叶希美艳动人的脸失了颜色,呈现出死寂的苍白和黑青。
叶靖枭拖着妹妹尸体上岸,泪流满面亲手将她埋进沙子里。
前脚刚将人埋完,后脚叶希便从土里爬出来,十根血淋淋的手指扯住他脚踝。
“哥哥,他们把我骨头都踩断了……”
叶希歇斯底里地哭喊。
叶靖枭看见妹妹身后有个看不清脸的男人正拿着铁锹,一下又一下狠狠砸向妹妹腿骨,将她白皙的腿剁得血肉模糊。
他吓得从噩梦中惊醒,捂着胸膛大口大口喘粗,心跳声乱得不成章法!
他想不明白自己为什么会做这样的梦,在希麓山庄那晚,他就梦到有个看不清面目的人用铁锹将妹妹的腿生生斩成两截,妹妹是不是在给自己托梦?
还是在怪他,将她单独留在了沧寿山?
等缓过劲,叶靖枭才想起正事,今天,是他手刃仇人,给妹妹报仇的日子,可抬头看去,车厢里竟然空空荡荡,人呢?

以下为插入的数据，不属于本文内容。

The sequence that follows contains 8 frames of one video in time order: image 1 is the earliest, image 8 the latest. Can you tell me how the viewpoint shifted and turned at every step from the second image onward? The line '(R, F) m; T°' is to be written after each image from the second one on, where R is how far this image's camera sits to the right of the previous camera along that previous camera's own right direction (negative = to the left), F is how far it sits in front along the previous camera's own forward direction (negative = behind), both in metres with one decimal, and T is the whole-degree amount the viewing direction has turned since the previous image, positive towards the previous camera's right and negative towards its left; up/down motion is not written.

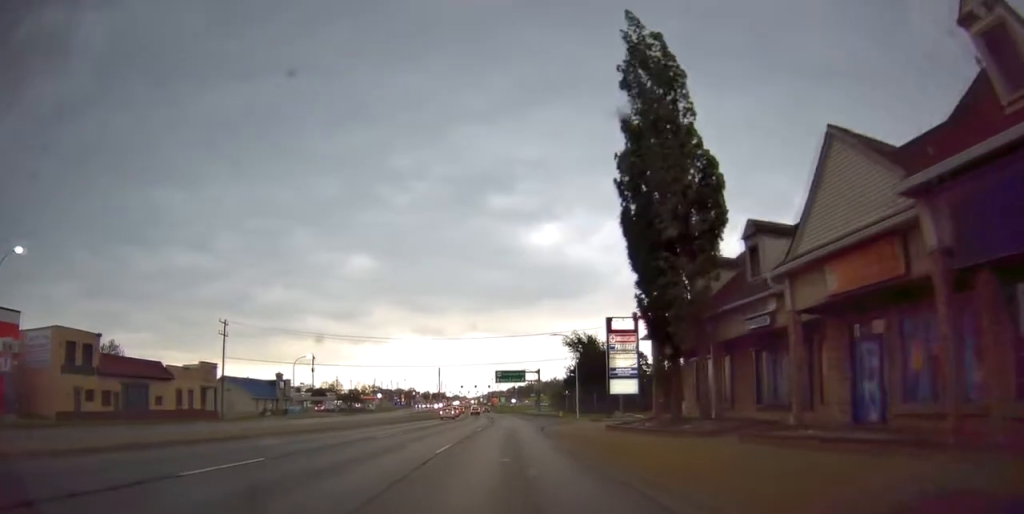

他心头猛地一震,以为祁野和祁玥跑了,视线慌张地左右寻扫,却看见三人都站在车外。
没逃!
叶靖枭舒了一口气,又暗叹自己竟然睡着了,还睡得这么沉,他拉开车门下去,不满地瞪了眼周炎。
“老大……我,我看你睡得沉就……”周炎低着头,语气里是惶恐与畏惧。
此时,凌晨六点,天光泛起鱼肚白。
山里空气格外清新,还有些冷。
祁野靠在一棵枝繁叶茂的樟树上。
祁玥则焦急地围着树来回踱步。
叶靖枭先观察了眼地势,他们站在一块平整宽阔的绿草坪上,周围全是参天大树,没有水源,于是,眼底流露出几分势在必得的骄傲,他心想,祁野虽然能操控水,但条件受限,再有本事都没用,迫不及待要动手。
祁野冷厉的眸光扫过来,试图谈判:“你要怎么才能相信,你妹妹并不是祁玥间接害死的?”
“都已经到了这种地步,你真觉得死不认账就能逃罪?”叶靖枭咬牙切齿。
话音落下时,已经动心起念。
周遭树枝震颤,破空声刺耳。
下一秒,只见漫天树叶如密集的飞刃,呈绞杀之势袭向祁玥。
窒息感瞬间攥紧心脏。
祁野虽第一时间凝结出水汽,在祁玥面前生出一道屏障,但他还是慢了些许,让一片叶子钻了空子从祁玥面颊削过。
白皙的面颊瞬间绽开一道血线。
当初,叶希也是用刀划伤了祁玥的脸。
剧烈的痛楚在脸上炸开。
祁玥紧咬唇瓣,眼泪夺眶而出。
“别哭!”祁野怜惜地上前,用指腹轻触她面颊,将伤口愈合后,眼含杀意看向叶靖枭,他本想跟叶靖枭好好谈谈,等万不得已再动手,现在似乎没什么可谈的必要,鄙夷道,“你有些过于放肆,以为这里是森林就可以为所欲为?”